#### Data under study:
#####
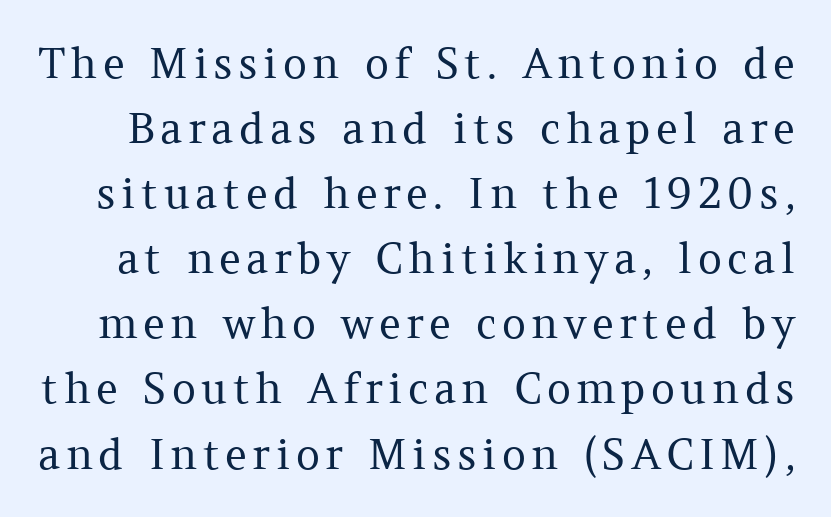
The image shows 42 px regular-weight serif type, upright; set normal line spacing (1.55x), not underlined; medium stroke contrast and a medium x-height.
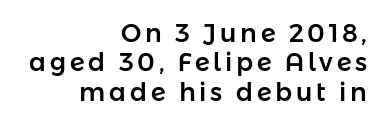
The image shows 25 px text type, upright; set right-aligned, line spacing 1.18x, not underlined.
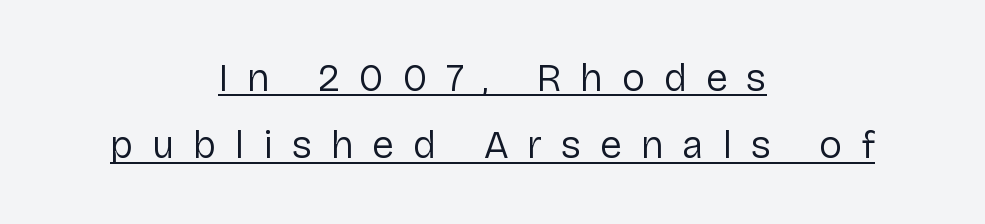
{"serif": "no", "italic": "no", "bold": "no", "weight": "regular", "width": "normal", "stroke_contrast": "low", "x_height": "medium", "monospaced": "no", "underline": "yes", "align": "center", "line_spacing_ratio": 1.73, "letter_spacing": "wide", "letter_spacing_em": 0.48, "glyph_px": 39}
#####
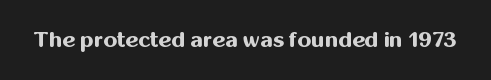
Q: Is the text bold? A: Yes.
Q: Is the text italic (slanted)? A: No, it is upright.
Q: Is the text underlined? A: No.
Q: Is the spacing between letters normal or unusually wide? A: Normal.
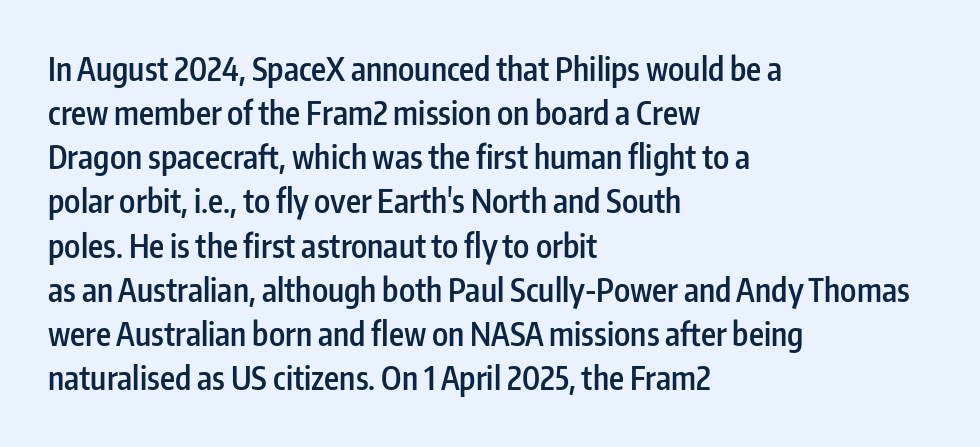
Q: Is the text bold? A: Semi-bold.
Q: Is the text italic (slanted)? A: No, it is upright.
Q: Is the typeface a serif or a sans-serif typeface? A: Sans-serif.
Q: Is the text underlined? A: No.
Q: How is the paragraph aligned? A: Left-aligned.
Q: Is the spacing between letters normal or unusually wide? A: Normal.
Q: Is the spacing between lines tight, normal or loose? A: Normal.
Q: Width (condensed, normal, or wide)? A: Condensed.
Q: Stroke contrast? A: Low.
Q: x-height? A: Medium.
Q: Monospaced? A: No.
#####
The answer is each line from the entries above in which the word "aligned" occurs.

The image shows 25 px text type, upright; set right-aligned, line spacing 1.18x, not underlined.
Q: How is the paragraph aligned? A: Left-aligned.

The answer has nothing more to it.